Запертое эхо
Шрифт:
Моей маме – самому сильному и смелому человеку на планете.
И каждой девочке, девушке, женщине, которая хоть раз в жизни усомнилась в том, что может быть любимой. Страницами этой книги я обнимаю тебя и напоминаю: ты заслуживаешь всего самого лучшего.
Молчи, скрывайся и таи
И чувства, и мечты свои…
Часть I
Глава I
Лондон встретил меня как обычно неприветливо. От холодного утреннего воздуха сжималось горло, а в ушах звенело от непривычного шума, вмещающего в себя
С вокзала я направился прямиком к Милли. Она вышла замуж пару лет назад и теперь стала настоящей светской леди. Теперь это была не Милли Чарльстон, скромная доходяга с выпачканными розовыми туфельками. Я знал ее с пеленок. Хрупкая, но донельзя упертая, сейчас ее характер приобрел новые оттенки. Она словно раскрепостилась. То ли это из-за нового статуса, озарившего ее жизнь бесконечными встречами, вечеринками и кутежами. То ли из-за мужа – чопорного моралиста, безразлично окидывающего взором просторы жизни, опостылевшей ему. То ли из-за богатства, свалившегося на нее скопом. Кто знает. Вероятно, каждый перечисленный фактор стал ингредиентом в пробуждающем эликсире. Я видел ее в прошлом году, когда она приехала погостить у бабушки. Она привозила ей гостинцы и оставляла приличную сумму денег, а та из одержимости благочестием и ядовитой набожности отдавала почти все деньги в местный приход. Старуха давно выжила из ума, но мнила себя святой. Милли не обижалась на такое небрежение ее щедростью. Она просто привозила или присылала еще денег. Их у нее было предостаточно, чтобы разбрасываться налево и направо столь бездумно.
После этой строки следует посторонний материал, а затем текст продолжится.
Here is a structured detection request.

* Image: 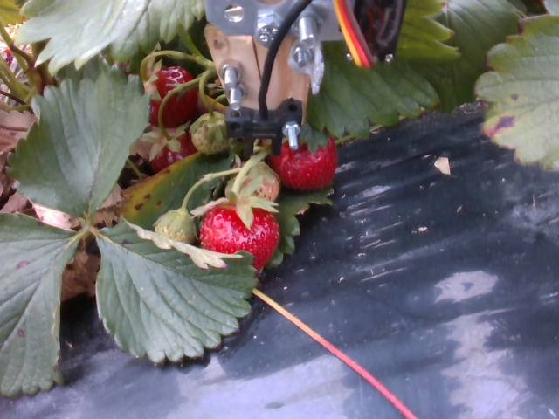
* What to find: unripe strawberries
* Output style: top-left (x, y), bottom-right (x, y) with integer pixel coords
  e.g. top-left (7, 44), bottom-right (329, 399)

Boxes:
top-left (157, 207), bottom-right (192, 251)
top-left (195, 109), bottom-right (233, 153)
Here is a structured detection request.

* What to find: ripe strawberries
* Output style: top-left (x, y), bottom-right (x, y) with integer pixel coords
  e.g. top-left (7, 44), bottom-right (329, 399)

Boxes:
top-left (143, 58), bottom-right (199, 121)
top-left (200, 195), bottom-right (279, 278)
top-left (142, 126), bottom-right (201, 181)
top-left (275, 128), bottom-right (351, 195)
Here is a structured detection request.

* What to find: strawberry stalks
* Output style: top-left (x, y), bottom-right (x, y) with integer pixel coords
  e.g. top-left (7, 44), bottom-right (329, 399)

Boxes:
top-left (219, 142), bottom-right (275, 215)
top-left (152, 92), bottom-right (177, 145)
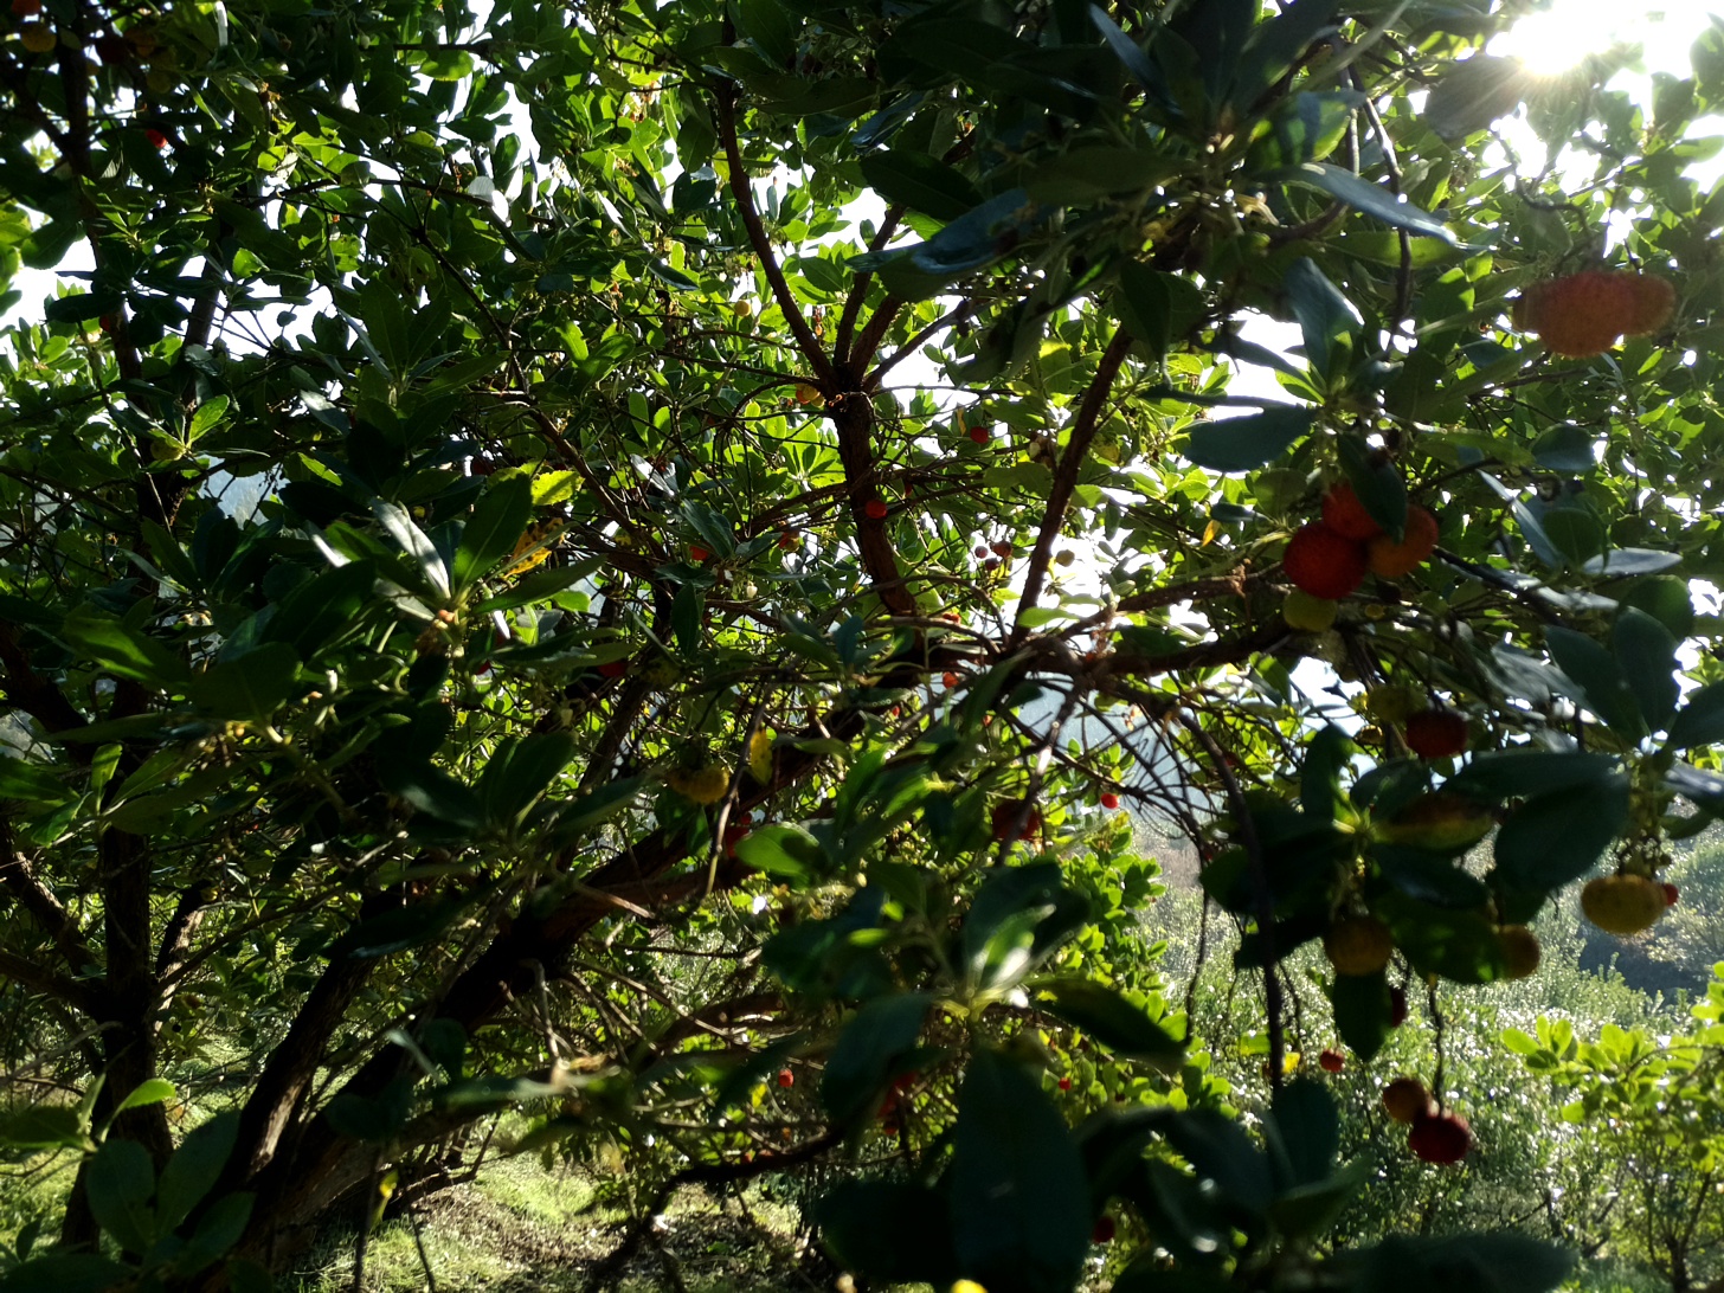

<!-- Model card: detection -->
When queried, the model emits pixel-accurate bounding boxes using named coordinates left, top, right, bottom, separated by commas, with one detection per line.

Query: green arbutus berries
left=1285, top=587, right=1337, bottom=638
left=1584, top=872, right=1667, bottom=937
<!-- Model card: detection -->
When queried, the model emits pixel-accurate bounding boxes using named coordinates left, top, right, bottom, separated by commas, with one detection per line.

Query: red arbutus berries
left=971, top=426, right=989, bottom=444
left=599, top=656, right=629, bottom=678
left=144, top=123, right=169, bottom=148
left=1407, top=706, right=1465, bottom=763
left=985, top=559, right=998, bottom=569
left=991, top=797, right=1038, bottom=839
left=975, top=546, right=987, bottom=558
left=865, top=500, right=887, bottom=518
left=942, top=670, right=963, bottom=690
left=1282, top=518, right=1365, bottom=598
left=777, top=1071, right=793, bottom=1088
left=1369, top=497, right=1437, bottom=579
left=1101, top=792, right=1119, bottom=808
left=1321, top=479, right=1375, bottom=537
left=796, top=389, right=809, bottom=404
left=688, top=541, right=711, bottom=560
left=1320, top=1048, right=1344, bottom=1073
left=1058, top=1077, right=1071, bottom=1091
left=997, top=541, right=1011, bottom=557
left=1407, top=1115, right=1470, bottom=1163
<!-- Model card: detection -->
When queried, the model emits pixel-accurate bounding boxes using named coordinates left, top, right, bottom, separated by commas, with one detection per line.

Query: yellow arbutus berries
left=1540, top=271, right=1622, bottom=358
left=1057, top=549, right=1076, bottom=567
left=688, top=765, right=729, bottom=805
left=734, top=300, right=751, bottom=315
left=802, top=386, right=821, bottom=401
left=1326, top=914, right=1392, bottom=974
left=17, top=22, right=58, bottom=53
left=1604, top=272, right=1676, bottom=334
left=812, top=395, right=824, bottom=407
left=1381, top=1080, right=1429, bottom=1121
left=1487, top=924, right=1540, bottom=977
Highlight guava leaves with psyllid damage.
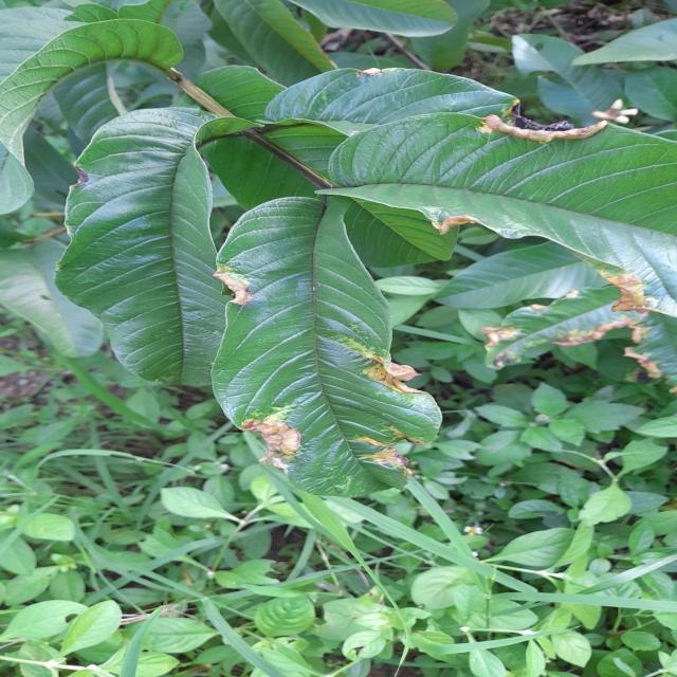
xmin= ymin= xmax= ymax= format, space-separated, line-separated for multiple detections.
xmin=316 ymin=97 xmax=677 ymax=294
xmin=202 ymin=182 xmax=457 ymax=513
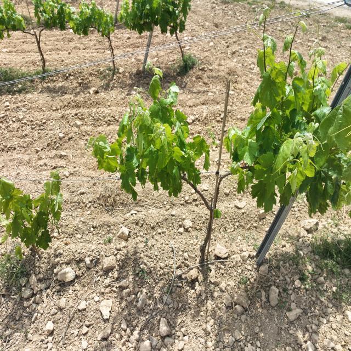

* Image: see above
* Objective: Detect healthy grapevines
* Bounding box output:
[89,20,351,278]
[0,167,70,267]
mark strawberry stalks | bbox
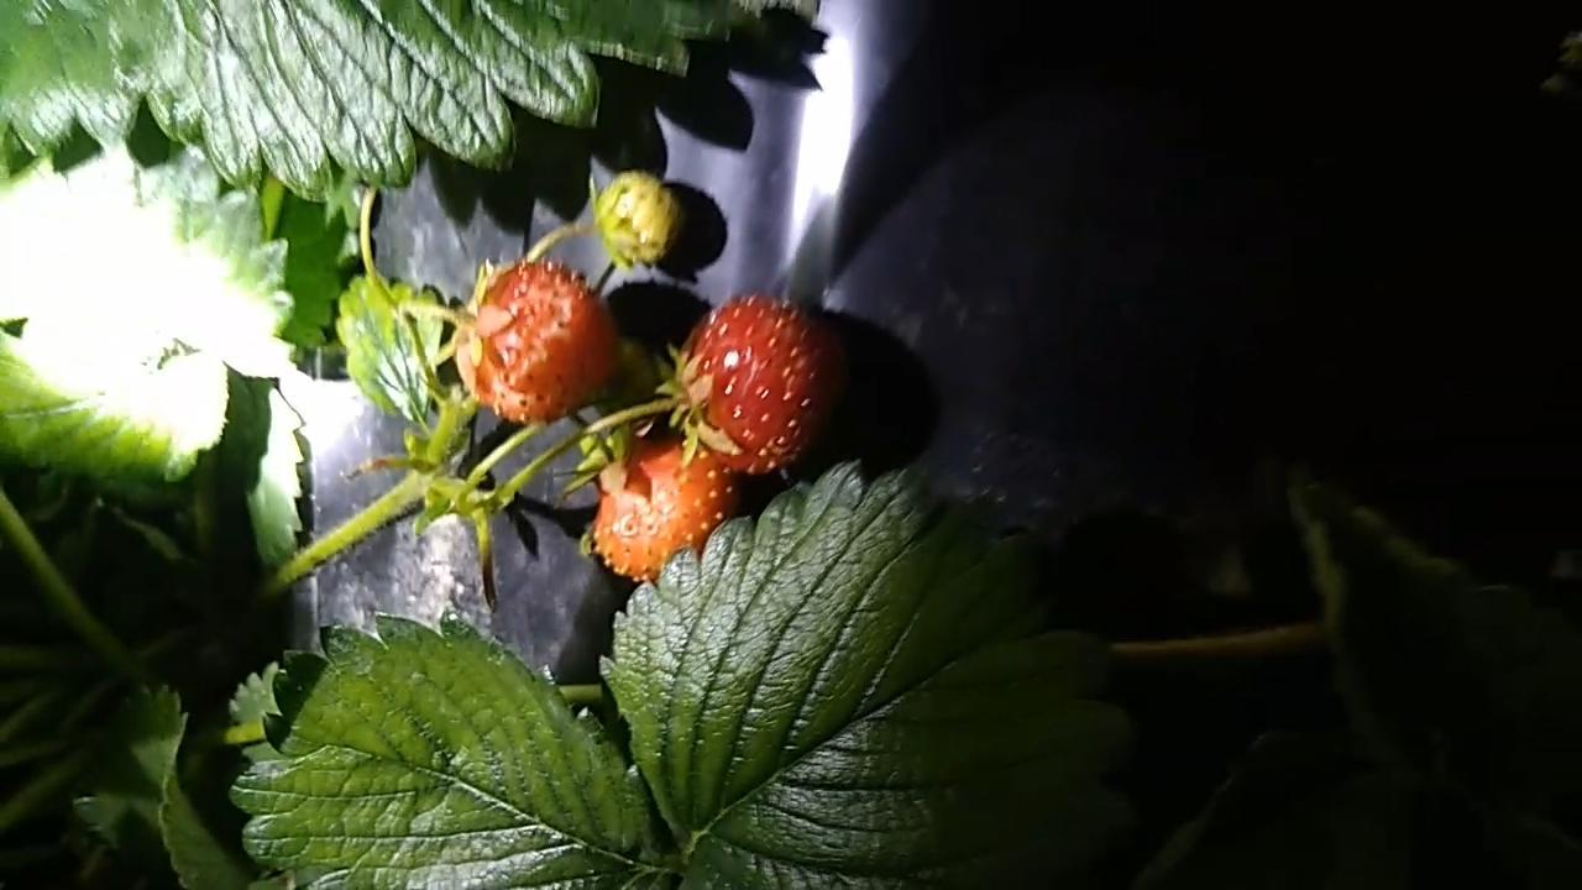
[560,372,724,467]
[384,288,499,344]
[525,196,615,249]
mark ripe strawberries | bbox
[586,454,740,577]
[683,287,845,472]
[447,254,611,422]
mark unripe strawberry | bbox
[579,165,694,261]
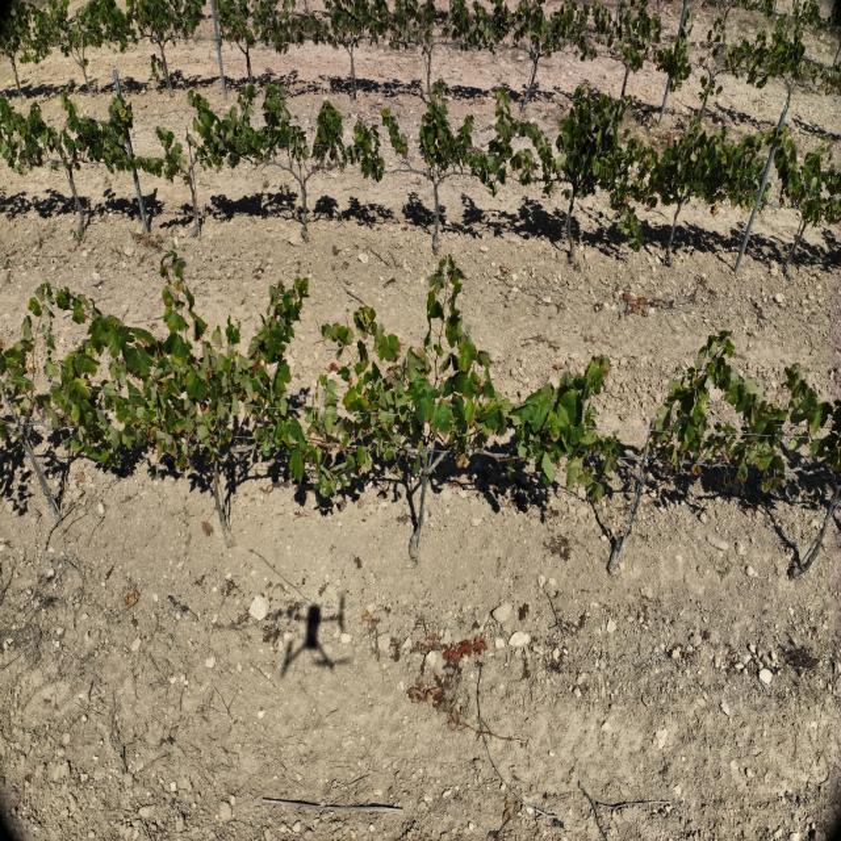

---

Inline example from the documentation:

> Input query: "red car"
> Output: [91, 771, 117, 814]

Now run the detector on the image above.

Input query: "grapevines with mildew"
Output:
[319, 255, 544, 569]
[0, 268, 74, 535]
[511, 323, 738, 586]
[74, 268, 315, 560]
[739, 344, 841, 597]
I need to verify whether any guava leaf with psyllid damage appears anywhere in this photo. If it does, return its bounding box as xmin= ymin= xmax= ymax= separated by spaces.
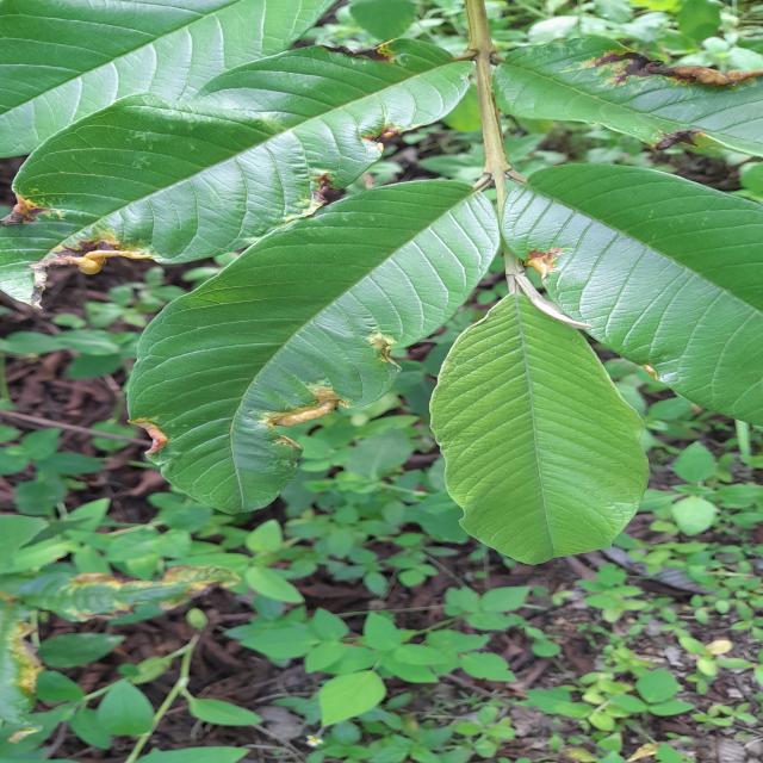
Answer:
xmin=119 ymin=174 xmax=531 ymax=549
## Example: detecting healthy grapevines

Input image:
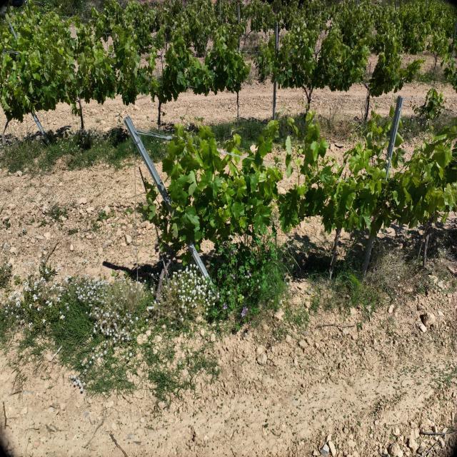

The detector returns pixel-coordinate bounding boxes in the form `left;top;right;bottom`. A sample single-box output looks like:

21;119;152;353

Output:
396;118;457;289
109;112;292;312
288;107;392;300

Мы были детьми, когда война закончилась. И когда началась. И когда нам сообщили, что наши отцы больше не вернутся. Мы не понимали ровным счетом ничего. Для меня война была чем-то молчаливо-устрашающим. Нашу деревню не бомбили. Мы вообще оказались на обочине жизни, у кромки дороги смерти. Каждую неделю по дороге, ведущей в Бирмингем, везли машины с трупами и покалеченными. Мы и правда назвали эту дорогу «дорогой смерти». Подглядывая из кустов за высохшими от болезней и лишений солдатами, мы не подозревали, что проникаем в самую суть войны. Она несет собой смерть. Души, тела – не суть важно. Смерть блуждала в поисках наживы. И в те годы поживилась она на славу.
Нас спасала ферма. Мой отец был крупным землевладельцем, и несмотря на то, что ему пришлось уйти воевать за идеи, которые были ему чужды, мать старалась содержать ферму в должном порядке. Посему у нас всегда была еда. Ей мы снабжали всю деревню и даже несколько близлежащих. Полностью избежать трудностей не удалось, как и всем, вероятнее всего. В последний год войны зима выдалась особенно суровой, пришлось прибегнуть к запасам – при помощи старой служанки мать всегда варила компоты на зиму, коптила мясо и закручивала овощные салаты. Кладовая полнилась банками и свертками, так что голод был последней напастью, пугавшей нас. Семья Милли же напротив была весьма напугана этим недугом, вызванным войной. Поэтому мы всячески помогали им – ненавязчиво, ведь человеческая гордыня берет верх даже над физическими потребностями. Эта гордыня довела до того, что мать Милли умерла в первый же год войны. Говорили, что от печеночной недостаточности.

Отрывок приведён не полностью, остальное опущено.